The speed difference? About two minutes. Not statistically significant.

Read that again. The AI group learned 17% less and wasn't meaningfully faster. The entire value proposition — "AI makes you more productive" — evaporated in a controlled setting. What remained was a measurable comprehension deficit, purchased for nothing.

But here's the finding that matters most: the pattern of failure. Developers who delegated code generation entirely to the AI scored below 40%. Those who gradually offloaded more tasks as they went — starting manual and progressively leaning on the crutch — showed declining comprehension over time. But developers who used AI to ask conceptual questions — "why does Trio handle cancellation this way?" rather than "write me a Trio function that does X" — scored 65% and above, nearly matching the manual group.⁶

The way almost everyone uses it is destructive.

The Debugging Gap

The Anthropic study found that the largest comprehension gap was specifically on debugging questions.⁶ This is the most important detail in the entire study and it has received the least attention.

Debugging is not a discrete skill. It is the skill — the meta-skill that subsumes reading error messages, forming hypotheses about system behavior, testing those hypotheses, understanding state and control flow, and reasoning about why code does what it does rather than what you intended it to do. Every senior engineer will tell you that the overwhelming majority of their expertise was built not by writing code that worked, but by fixing code that didn't.

A developer on DEV Community described finding a junior with an async JavaScript bug — "anyone who's written async JavaScript would spot it immediately, but they'd never written async JavaScript. They'd only ever prompted for it."⁷ The code looked right. It ran, mostly. But when it broke — as async code inevitably does — the junior had no mental model of event loops, no understanding of callback timing, no intuition for the category of bug they were looking at. The error message was in English. It might as well have been in Sumerian.

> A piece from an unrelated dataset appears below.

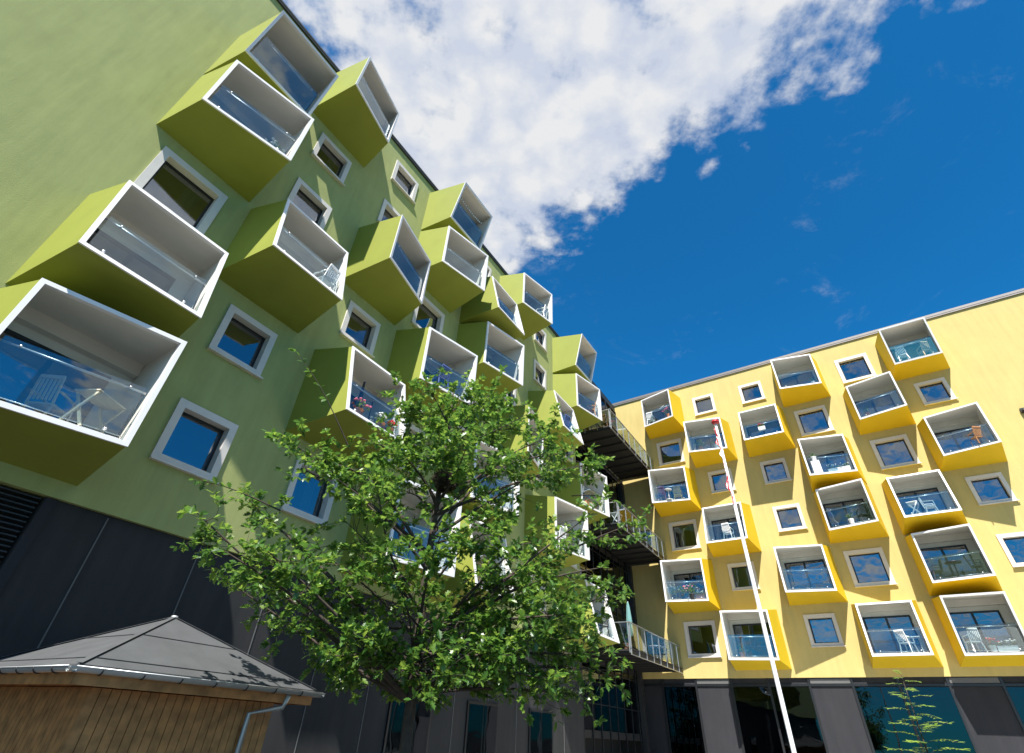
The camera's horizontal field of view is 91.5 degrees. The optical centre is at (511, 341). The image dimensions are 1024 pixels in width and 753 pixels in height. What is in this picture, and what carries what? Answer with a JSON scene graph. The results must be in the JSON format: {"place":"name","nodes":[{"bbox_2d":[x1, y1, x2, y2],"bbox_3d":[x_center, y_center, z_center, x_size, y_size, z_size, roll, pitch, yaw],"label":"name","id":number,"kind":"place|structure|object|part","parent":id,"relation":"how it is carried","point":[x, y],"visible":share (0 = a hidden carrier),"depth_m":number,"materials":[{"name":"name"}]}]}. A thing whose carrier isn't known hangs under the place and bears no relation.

SoftwareSeni posed the question that should keep engineering managers awake at night: "Who becomes your senior engineers in five years if today's juniors never develop foundational debugging skills?"⁸

The answer, increasingly, is: nobody. A Stanford Digital Economy study found that employment for software developers aged 22-25 declined nearly 20% from its late 2022 peak.⁹ Companies are hiring fewer juniors because AI handles the work juniors used to do. But juniors are where seniors come from. The pipeline that produces the experienced engineers needed to supervise AI output is being dismantled at the intake valve.

"Every junior dev I talk to has Copilot or Claude running 24/7. The code often works. Many juniors can't confidently explain how or why."
— DEV Community

The Calculator Fallacy

The reflexive defense is always the same: "They said the same thing about calculators." In 1975, 72% of teachers opposed giving seventh-graders calculators. The fears proved largely unfounded — calculator use maintained or modestly improved mathematical learning over time.¹⁰ So the argument goes: AI is just the next calculator. Relax. Adapt. Move on.

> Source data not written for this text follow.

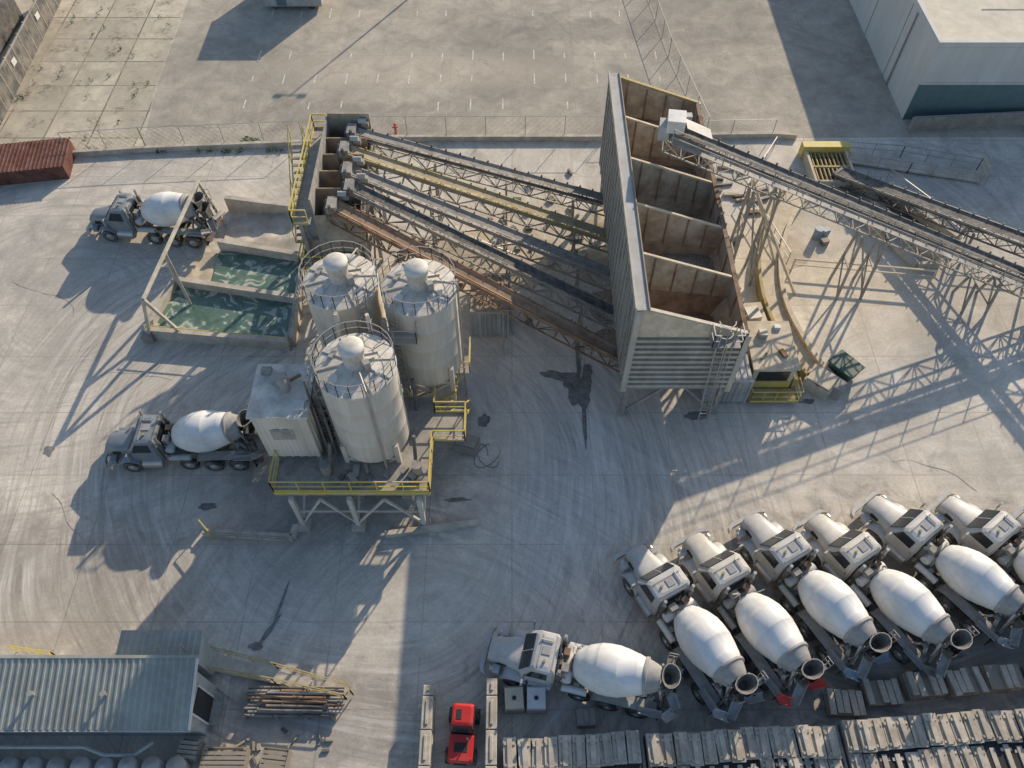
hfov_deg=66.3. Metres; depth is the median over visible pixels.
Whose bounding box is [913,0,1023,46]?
roof
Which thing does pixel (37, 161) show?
rusty container
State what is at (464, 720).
utility vehicle
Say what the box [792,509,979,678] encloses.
concrete mixer truck
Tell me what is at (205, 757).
pallet
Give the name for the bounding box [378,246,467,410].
cement silo
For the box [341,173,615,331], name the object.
feed conveyor
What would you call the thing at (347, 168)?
feed conveyor
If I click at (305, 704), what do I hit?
pipe rack
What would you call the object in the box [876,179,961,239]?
pit wall
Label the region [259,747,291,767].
pallet
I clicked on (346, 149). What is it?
feed conveyor
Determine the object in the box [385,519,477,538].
concrete wall
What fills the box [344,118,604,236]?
feed conveyor
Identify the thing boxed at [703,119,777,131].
chain link fence
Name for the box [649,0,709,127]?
chain link fence
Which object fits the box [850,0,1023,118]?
walls
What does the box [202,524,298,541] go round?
concrete wall
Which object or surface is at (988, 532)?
concrete mixer truck
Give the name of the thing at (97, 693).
roof
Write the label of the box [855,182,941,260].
pit wall
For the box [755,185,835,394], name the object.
curved wall
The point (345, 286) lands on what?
cement silo
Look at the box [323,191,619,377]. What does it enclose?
feed conveyor
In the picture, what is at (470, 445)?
generator
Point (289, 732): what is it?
yard debris
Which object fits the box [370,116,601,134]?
chain link fence
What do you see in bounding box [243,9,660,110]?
parking markings
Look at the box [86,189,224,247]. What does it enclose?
concrete mixer truck
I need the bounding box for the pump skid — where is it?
[743,302,767,320]
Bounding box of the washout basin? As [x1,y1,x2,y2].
[143,195,305,350]
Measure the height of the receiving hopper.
1.100 m
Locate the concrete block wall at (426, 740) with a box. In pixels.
[418,685,436,767]
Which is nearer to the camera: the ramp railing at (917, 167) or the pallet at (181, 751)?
the pallet at (181, 751)
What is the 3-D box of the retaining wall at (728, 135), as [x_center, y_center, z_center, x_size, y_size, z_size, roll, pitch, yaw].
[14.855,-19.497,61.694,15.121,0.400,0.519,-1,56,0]
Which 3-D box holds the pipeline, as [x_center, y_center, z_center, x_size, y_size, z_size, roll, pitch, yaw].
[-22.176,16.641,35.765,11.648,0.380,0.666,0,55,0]
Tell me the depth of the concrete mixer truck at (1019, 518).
41.92 m
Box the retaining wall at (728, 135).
[711,132,796,139]
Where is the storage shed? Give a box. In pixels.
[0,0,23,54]
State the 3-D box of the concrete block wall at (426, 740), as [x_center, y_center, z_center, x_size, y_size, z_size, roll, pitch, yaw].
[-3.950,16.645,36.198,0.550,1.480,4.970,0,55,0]
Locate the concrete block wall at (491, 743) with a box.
[485,678,497,767]
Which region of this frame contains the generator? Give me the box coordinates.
[454,434,500,467]
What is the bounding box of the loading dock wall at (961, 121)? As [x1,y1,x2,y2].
[907,111,1023,130]
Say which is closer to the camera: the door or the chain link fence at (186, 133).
the door
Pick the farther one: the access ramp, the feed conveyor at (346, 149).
the feed conveyor at (346, 149)
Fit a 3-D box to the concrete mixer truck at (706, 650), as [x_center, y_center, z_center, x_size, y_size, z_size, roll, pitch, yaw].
[8.553,11.547,38.330,3.140,3.742,9.653,-24,59,-16]
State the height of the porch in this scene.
3.900 m
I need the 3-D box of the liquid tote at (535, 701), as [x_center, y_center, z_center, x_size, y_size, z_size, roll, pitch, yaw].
[1.150,15.120,37.447,1.000,1.130,1.065,0,56,0]
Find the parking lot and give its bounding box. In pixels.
[142,0,1023,145]
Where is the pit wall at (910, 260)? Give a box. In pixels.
[810,189,941,268]
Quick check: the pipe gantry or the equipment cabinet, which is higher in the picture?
the pipe gantry
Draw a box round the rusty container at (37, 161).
[0,137,74,185]
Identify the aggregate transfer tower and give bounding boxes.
[287,113,388,299]
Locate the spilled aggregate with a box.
[379,210,809,356]
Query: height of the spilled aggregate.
0.288 m
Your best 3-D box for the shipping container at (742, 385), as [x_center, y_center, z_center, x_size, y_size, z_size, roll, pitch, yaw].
[12.850,-0.406,47.383,2.640,2.360,2.395,0,55,0]
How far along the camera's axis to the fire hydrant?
61.65 m
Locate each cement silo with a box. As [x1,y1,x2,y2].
[298,240,399,377]
[307,320,412,498]
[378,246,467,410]
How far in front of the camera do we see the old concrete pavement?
66.77 m
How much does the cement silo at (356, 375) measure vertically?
12.190 m
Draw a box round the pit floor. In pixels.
[874,192,951,250]
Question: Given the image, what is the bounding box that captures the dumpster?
[828,349,865,381]
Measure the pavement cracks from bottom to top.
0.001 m
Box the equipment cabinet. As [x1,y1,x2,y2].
[800,364,848,400]
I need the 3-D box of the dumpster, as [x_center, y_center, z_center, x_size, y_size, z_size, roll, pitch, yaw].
[20.500,-0.962,48.388,1.360,1.080,1.785,-33,62,-21]
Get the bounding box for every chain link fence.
[58,121,301,147]
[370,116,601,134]
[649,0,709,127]
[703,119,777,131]
[907,113,1023,133]
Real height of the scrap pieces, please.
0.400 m
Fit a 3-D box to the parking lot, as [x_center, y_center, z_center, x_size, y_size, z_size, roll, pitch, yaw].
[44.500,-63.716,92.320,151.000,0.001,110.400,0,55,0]
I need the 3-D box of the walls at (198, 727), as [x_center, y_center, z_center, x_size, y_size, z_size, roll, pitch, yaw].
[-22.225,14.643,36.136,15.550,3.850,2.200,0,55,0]
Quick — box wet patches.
[43,320,814,650]
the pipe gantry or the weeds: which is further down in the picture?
the pipe gantry
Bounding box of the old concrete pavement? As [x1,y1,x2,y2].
[0,0,187,149]
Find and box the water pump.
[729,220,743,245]
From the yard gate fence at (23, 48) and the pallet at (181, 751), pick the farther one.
the yard gate fence at (23, 48)
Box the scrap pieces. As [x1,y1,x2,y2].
[395,162,777,323]
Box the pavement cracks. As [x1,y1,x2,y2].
[13,12,975,545]
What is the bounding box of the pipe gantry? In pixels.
[140,180,226,342]
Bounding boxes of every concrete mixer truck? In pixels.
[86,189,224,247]
[101,403,266,471]
[479,617,683,722]
[613,540,768,722]
[670,528,833,707]
[728,509,899,681]
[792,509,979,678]
[849,491,1023,648]
[925,492,1023,613]
[1011,506,1023,540]
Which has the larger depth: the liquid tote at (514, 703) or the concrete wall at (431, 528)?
the concrete wall at (431, 528)
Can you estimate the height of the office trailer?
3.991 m
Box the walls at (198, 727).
[0,672,216,734]
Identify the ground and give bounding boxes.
[0,1,1023,767]
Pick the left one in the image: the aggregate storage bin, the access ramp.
the access ramp
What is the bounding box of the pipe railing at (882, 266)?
[744,137,937,282]
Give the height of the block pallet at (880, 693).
0.610 m
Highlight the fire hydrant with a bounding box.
[392,123,397,133]
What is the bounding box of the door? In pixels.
[192,685,224,725]
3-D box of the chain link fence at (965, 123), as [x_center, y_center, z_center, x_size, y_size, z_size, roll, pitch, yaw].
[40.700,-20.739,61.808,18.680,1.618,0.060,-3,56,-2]
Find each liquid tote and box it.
[503,686,524,714]
[525,686,546,713]
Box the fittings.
[885,12,918,84]
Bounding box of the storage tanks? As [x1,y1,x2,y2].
[0,755,191,767]
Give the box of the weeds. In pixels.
[15,7,284,153]
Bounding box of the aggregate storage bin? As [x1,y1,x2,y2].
[597,71,751,420]
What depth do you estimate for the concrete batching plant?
40.34 m
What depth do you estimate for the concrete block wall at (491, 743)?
36.12 m
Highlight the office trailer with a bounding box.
[264,0,323,8]
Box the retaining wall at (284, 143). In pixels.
[72,134,601,156]
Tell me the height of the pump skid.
1.150 m
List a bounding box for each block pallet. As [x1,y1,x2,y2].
[822,688,866,717]
[858,678,903,707]
[898,671,947,700]
[943,666,988,699]
[979,663,1023,692]
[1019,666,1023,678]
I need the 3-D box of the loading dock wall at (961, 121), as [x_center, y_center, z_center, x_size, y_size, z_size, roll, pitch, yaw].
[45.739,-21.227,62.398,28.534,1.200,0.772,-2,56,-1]
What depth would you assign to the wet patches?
47.79 m
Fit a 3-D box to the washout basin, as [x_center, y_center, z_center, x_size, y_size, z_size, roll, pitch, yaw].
[-18.649,-7.897,53.038,9.647,1.525,13.046,0,55,0]
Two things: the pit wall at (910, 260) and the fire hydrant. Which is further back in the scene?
the fire hydrant
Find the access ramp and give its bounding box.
[6,645,353,699]
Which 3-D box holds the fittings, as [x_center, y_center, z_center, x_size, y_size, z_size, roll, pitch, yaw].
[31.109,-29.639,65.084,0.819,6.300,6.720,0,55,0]
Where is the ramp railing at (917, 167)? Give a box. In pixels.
[848,141,1006,240]
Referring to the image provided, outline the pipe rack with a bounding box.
[243,685,344,719]
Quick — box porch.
[116,630,218,675]
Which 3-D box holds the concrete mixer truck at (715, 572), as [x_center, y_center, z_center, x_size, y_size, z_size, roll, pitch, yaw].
[11.653,11.011,38.698,3.140,3.742,9.653,-24,59,-16]
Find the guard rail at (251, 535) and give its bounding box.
[198,519,288,540]
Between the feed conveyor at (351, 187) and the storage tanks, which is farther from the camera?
the feed conveyor at (351, 187)
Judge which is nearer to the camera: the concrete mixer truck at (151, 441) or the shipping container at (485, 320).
the concrete mixer truck at (151, 441)
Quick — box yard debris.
[216,727,332,765]
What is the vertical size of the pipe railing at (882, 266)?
1.155 m
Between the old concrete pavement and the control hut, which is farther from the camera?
the old concrete pavement
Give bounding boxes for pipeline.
[0,740,153,756]
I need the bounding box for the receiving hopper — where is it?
[798,141,856,188]
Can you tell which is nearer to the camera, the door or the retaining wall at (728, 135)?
the door
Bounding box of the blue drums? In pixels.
[812,226,830,246]
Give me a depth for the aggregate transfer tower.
47.91 m
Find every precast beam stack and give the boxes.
[503,730,645,767]
[643,725,847,767]
[837,708,1023,767]
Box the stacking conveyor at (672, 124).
[657,109,1023,312]
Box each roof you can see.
[0,655,198,731]
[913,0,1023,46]
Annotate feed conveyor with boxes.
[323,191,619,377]
[337,136,607,268]
[339,156,611,304]
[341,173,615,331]
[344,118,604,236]
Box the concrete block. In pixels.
[575,707,596,728]
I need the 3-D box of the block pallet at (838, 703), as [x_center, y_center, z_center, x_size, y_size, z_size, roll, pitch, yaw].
[15.945,15.322,37.587,1.700,0.610,1.239,1,56,1]
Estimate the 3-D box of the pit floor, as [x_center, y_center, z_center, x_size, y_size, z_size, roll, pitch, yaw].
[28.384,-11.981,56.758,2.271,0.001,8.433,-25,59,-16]
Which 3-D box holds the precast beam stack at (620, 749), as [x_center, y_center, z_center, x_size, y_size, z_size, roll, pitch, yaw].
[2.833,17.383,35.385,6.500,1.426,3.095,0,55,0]
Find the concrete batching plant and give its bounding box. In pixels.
[246,312,471,531]
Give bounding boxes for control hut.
[747,321,803,402]
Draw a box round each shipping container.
[469,273,508,337]
[700,350,754,403]
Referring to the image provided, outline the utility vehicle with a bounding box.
[445,702,479,765]
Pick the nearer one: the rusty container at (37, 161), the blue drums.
the blue drums
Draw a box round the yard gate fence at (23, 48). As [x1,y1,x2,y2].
[0,0,61,123]
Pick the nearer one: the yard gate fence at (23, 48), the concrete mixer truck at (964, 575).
the concrete mixer truck at (964, 575)
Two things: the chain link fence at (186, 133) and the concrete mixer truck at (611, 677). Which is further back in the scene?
the chain link fence at (186, 133)
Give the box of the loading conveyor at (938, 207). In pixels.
[831,165,1023,288]
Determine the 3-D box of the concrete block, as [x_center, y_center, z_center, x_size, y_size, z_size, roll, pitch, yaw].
[3.500,15.842,37.175,0.900,0.780,0.800,-2,56,-2]

This analogy is wrong, and the reasons it's wrong are instructive.

First, calculators are deterministic. Press 7 times 8, get 56. Every time. There is no hallucination. There is no confident-sounding wrong answer. The output is verifiable by anyone who understands what multiplication means. AI output is probabilistic, often wrong, and requires the very expertise it's supposed to replace in order to verify.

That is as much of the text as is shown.